Steps to reproduce the behavior

Create and start simple Hypnotoad app
Send a SIGQUIT to a worker process to end it gracefully
The worker's manager will send a second SIGQUIT
Depending on timing, the worker will reset its signal handlers to SIG_DFL before catching the second SIGQUIT, causing it to dump its core

In more detail:

Unpack the attached tarfile which has my app and update mojo_server_wrapper.pl to have the correct $ENV{REPRO_PATH} (you could most likely use any Hypnotoad/Prefork app, but I figured a working example would be best)

hypno.tar.gz

Start the app from terminal (A)

brsakai@brsakai-1151:~/hypno$ ./mojo_server_wrapper.pl
[2023-03-09 19:03:32.09625] [29198] [info] Listening at "http://127.0.0.1:8080"
Web application available at http://127.0.0.1:8080
[2023-03-09 19:03:32.09659] [29198] [info] Manager 29198 started
[2023-03-09 19:03:32.09910] [29199] [info] Worker 29199 started
[2023-03-09 19:03:32.10025] [29200] [info] Worker 29200 started
[2023-03-09 19:03:32.10118] [29201] [info] Worker 29201 started
[2023-03-09 19:03:32.10202] [29202] [info] Worker 29202 started
[2023-03-09 19:03:32.10239] [29198] [info] Creating process id file "/tmp/mojo_server.pid"
[2023-03-09 19:03:32.10248] [29203] [info] Worker 29203 started

strace one of the workers from another terminal (B)

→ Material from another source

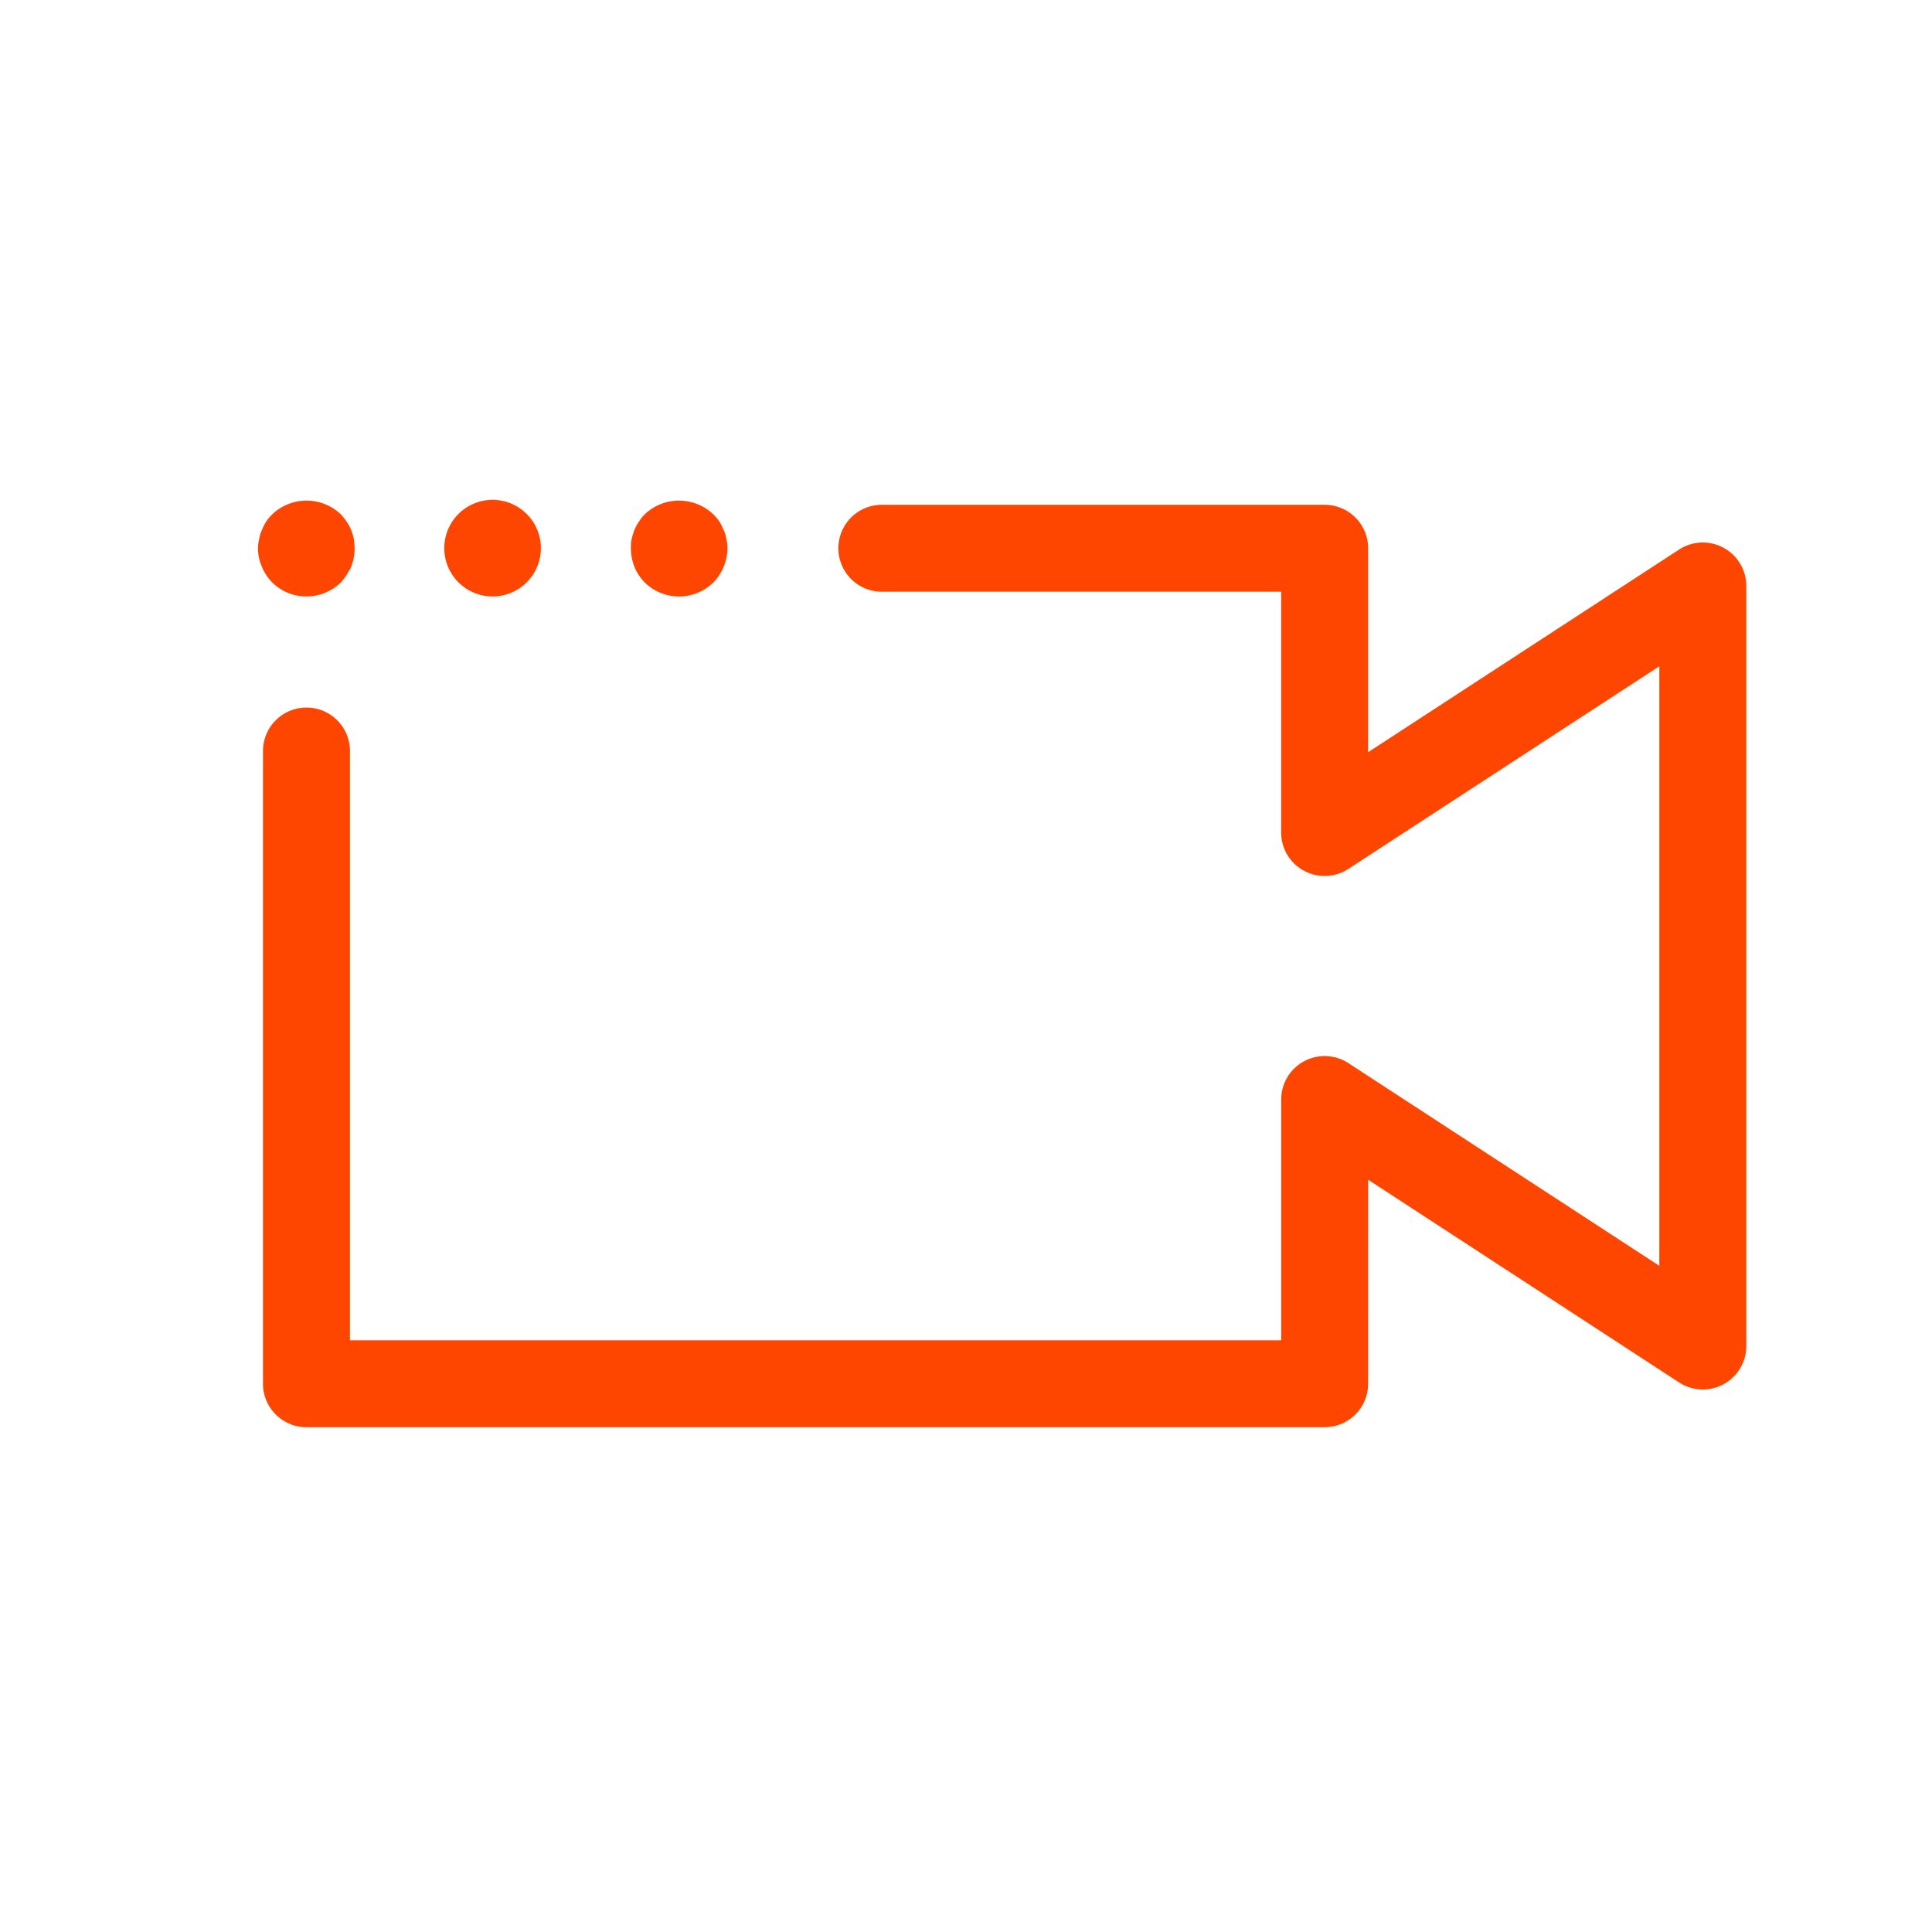 <svg id="espansi" xmlns="http://www.w3.org/2000/svg" width="50" height="50" viewBox="0 0 50 50">
  <path d="M45.194,15.166V34.835a1.125,1.125,0,0,1-1.74.942l-8.046-5.245L35.407,35.811a1.125,1.125,0,0,1-1.125,1.125H7.931a1.125,1.125,0,0,1-1.125-1.125v-16.374a1.125,1.125,0,0,1,2.251,0v15.249h24.1l0-6.23a1.125,1.125,0,0,1,1.74-.942l8.046,5.245V17.243l-8.047,5.244a1.125,1.125,0,0,1-1.74-.942V15.314H22.822a1.125,1.125,0,1,1,0-2.25h11.46a1.125,1.125,0,0,1,1.125,1.125v5.278l8.047-5.244a1.125,1.125,0,0,1,1.74.942ZM7.928,15.436a1.275,1.275,0,0,0,.89-.359,1.645,1.645,0,0,0,.27-.41,1.293,1.293,0,0,0,.09-.48,1.975,1.975,0,0,0-.02-.239,1.587,1.587,0,0,0-.07-.23.942.942,0,0,0-.12-.22,1.43,1.43,0,0,0-.15-.19,1.288,1.288,0,0,0-1.77,0,1.463,1.463,0,0,0-.16.19,1.442,1.442,0,0,0-.11.22.884.884,0,0,0-.07.23.979.979,0,0,0-.03.239,1.116,1.116,0,0,0,.1.48,1.225,1.225,0,0,0,.27.41A1.25,1.25,0,0,0,7.928,15.436Zm4.82,0a1.25,1.25,0,1,0-1.25-1.25A1.25,1.25,0,0,0,12.748,15.436Zm3.94-.359a1.269,1.269,0,0,0,1.77,0,1.225,1.225,0,0,0,.27-.41,1.29,1.29,0,0,0,.1-.48.979.979,0,0,0-.03-.239.884.884,0,0,0-.07-.23,1.443,1.443,0,0,0-.11-.22,1.464,1.464,0,0,0-.16-.19,1.288,1.288,0,0,0-1.77,0,.919.919,0,0,0-.15.19.942.942,0,0,0-.12.22,1.59,1.59,0,0,0-.07.23.967.967,0,0,0-.02.239,1.293,1.293,0,0,0,.09.48A1.233,1.233,0,0,0,16.688,15.076Z" style="fill: #ff4600"/>
</svg>

brsakai@brsakai-1151:~$ sudo strace -p 29199
strace: Process 29199 attached
epoll_wait(8,

Issue a kill -QUIT from a third terminal (C)

brsakai@brsakai-1151:~$ kill -QUIT 29199

Observe that the kill signal is received in the strace output (note that two SIGQUIT are received, one from terminal (C) and one from the manager)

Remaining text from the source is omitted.